Add the following code to the file:

from fastapi import FastAPI, WebSocket
from rasa.core.agent import Agent
from rasa.utils.endpoints import EndpointConfig
import asyncio

# Load the Rasa agent
agent = Agent.load("models", action_endpoint=EndpointConfig(url="http://localhost:5055/webhook"))

app = FastAPI()

# Root endpoint
@app.get("/")
async def root():
    return {"message": "Welcome to the Chatbot Server!"}

@app.websocket("/chat")
async def chat(websocket: WebSocket):
    await websocket.accept()
    while True:
        data = await websocket.receive_text()
        response = await agent.handle_text(data)
        await websocket.send_text(response[0]['text'])

This script sets up a FastAPI server that loads the RASA model and handles WebSocket connections for real-time chat.

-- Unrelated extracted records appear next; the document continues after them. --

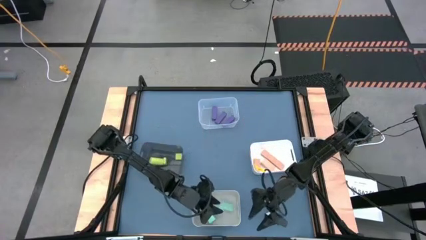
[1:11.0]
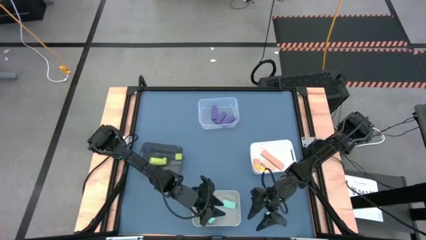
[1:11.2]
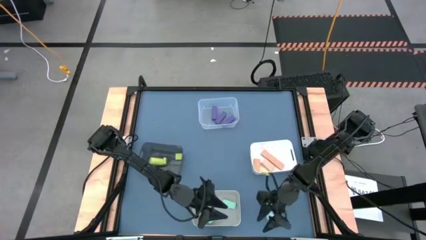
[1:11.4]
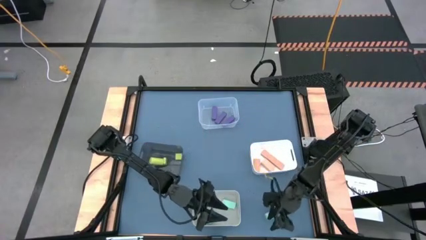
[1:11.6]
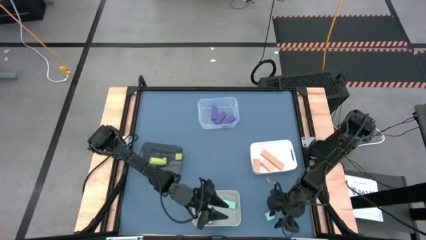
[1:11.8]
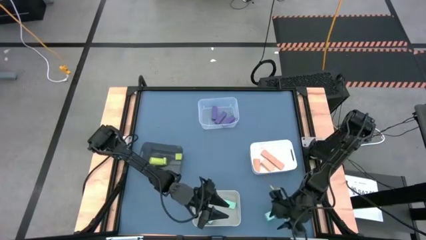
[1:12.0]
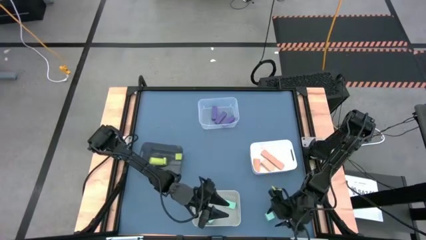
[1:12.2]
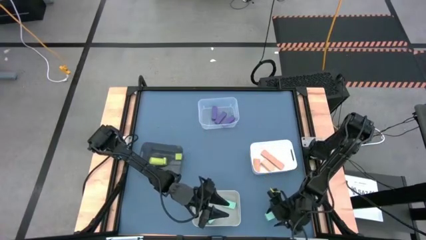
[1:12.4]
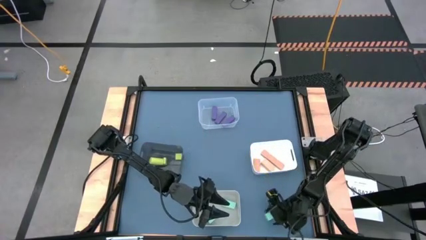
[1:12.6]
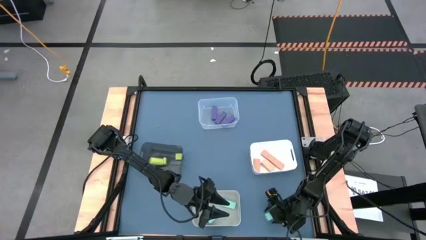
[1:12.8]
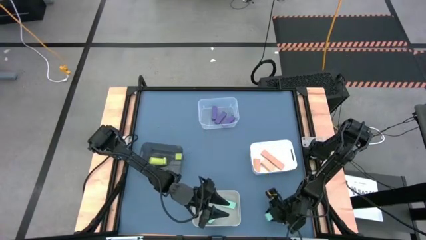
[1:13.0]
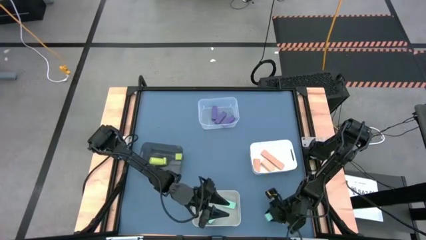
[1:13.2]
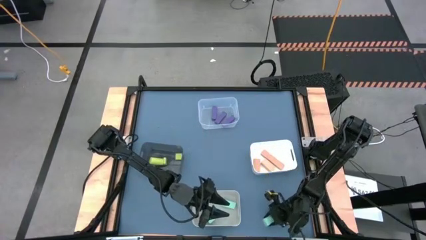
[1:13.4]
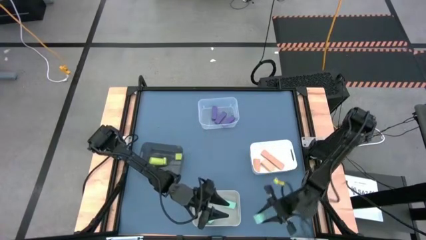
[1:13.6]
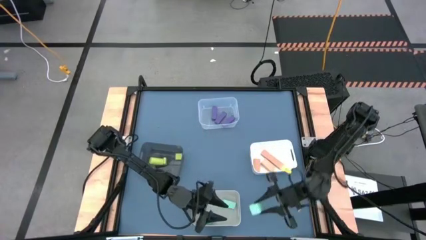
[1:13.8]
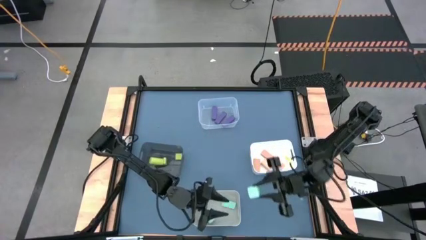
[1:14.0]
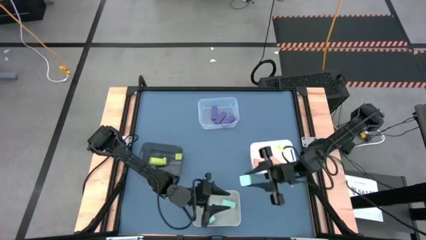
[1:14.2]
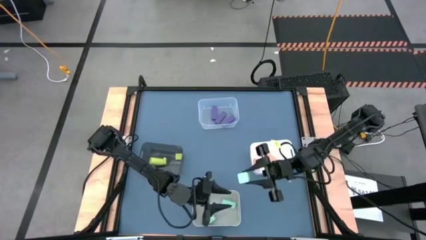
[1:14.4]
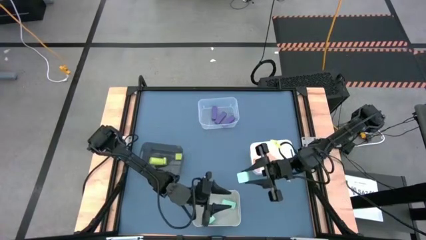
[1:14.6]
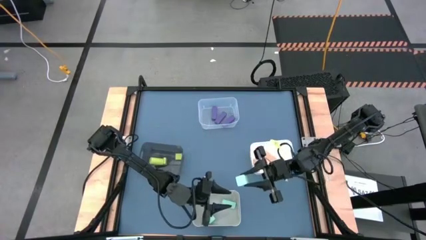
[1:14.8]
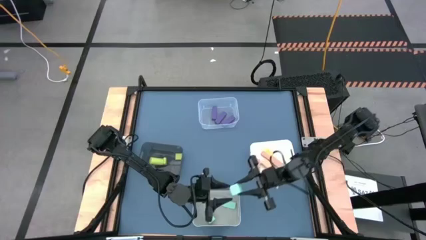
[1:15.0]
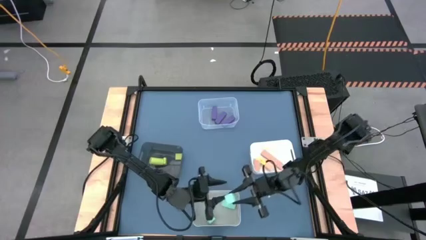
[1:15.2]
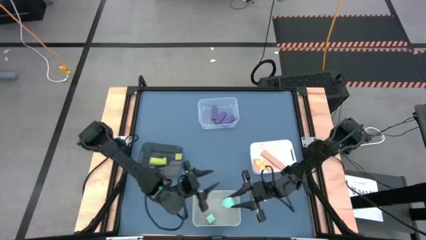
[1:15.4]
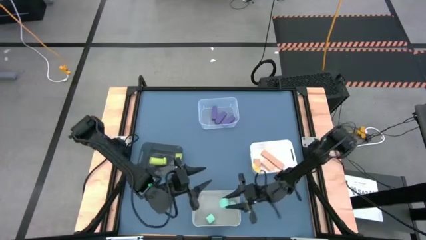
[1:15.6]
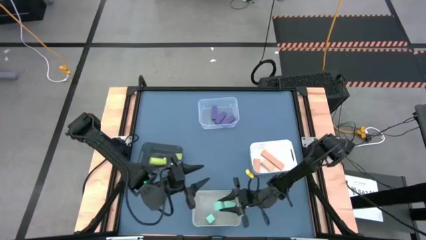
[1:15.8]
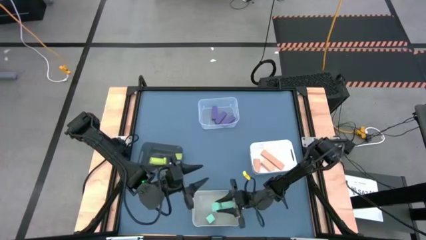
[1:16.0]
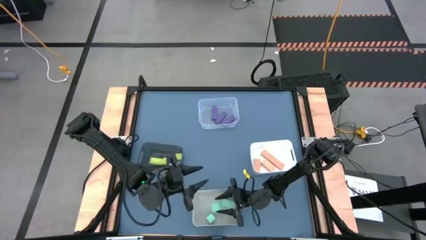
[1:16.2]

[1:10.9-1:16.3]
Task: Sort & place blocks by color
Put the light blue block into the gray bin

Step 5: Create Custom Actions

Custom actions allow your chatbot to perform specific tasks. Create a new file named actions.py:

nano actions.py

Add the following code to define a custom greeting action:

from rasa_sdk import Action, Tracker
from rasa_sdk.executor import CollectingDispatcher

class ActionGreet(Action):
    def name(self) -> str:
        return "action_greet"

    def run(self, dispatcher: CollectingDispatcher, tracker: Tracker, domain: dict) -> list:
        dispatcher.utter_message(text="Hello! How can I assist you today?")
        return []

Step 6: Run the RASA Action Server and API

Run the RASA action server in the background:

rasa run actions &

Run the RASA API server:

rasa run --enable-api &

Step 7: Start the FastAPI Server

Start the FastAPI server using Uvicorn:

uvicorn rasa_server:app --host 0.0.0.0 --port 8000 --reload &

This command starts the server on 0.0.0.0:8000 with auto-reload enabled.

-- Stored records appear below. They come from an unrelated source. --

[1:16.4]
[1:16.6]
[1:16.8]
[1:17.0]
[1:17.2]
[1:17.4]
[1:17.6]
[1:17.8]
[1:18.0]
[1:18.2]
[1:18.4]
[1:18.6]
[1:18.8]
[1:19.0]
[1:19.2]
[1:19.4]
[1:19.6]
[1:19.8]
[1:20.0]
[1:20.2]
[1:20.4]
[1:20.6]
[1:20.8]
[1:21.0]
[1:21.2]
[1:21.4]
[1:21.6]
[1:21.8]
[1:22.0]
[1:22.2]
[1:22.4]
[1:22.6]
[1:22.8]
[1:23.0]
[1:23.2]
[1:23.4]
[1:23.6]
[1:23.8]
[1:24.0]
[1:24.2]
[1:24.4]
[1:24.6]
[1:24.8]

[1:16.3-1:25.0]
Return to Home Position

Step 8: Install WebSocat for WebSocket Testing

WebSocat is a command-line tool for testing WebSocket connections. Download and install it:

wget https://github.com/vi/websocat/releases/download/v1.14.0/websocat.x86_64-unknown-linux-musl
mv websocat.x86_64-unknown-linux-musl /usr/bin/websocat
chmod 755 /usr/bin/websocat

Step 9: Test the Chatbot Server

1. Test the Root Endpoint
Ensure the FastAPI server is running by testing the root endpoint:

curl http://localhost:8000

You should see the following response:

INFO:     127.0.0.1:52546 - "GET / HTTP/1.1" 200 OK
{"message":"Welcome to the Chatbot Server!"}

2. Test the WebSocket Connection
Use WebSocat to test the WebSocket connection:

websocat ws://localhost:8000/chat

3. Start a conversation with the chatbot:

> Hello
< Hey! How are you? 
> I am fine. What are you doing?
< I am a bot, powered by Rasa.

Conclusion

You have successfully set up a scalable chatbot using RASA on an Ubuntu 24.04 GPU server. The integration with FastAPI enables real-time communication, making the chatbot suitable for various applications. With additional steps like containerization and orchestration, you can further enhance the scalability and reliability of your chatbot in a production environment.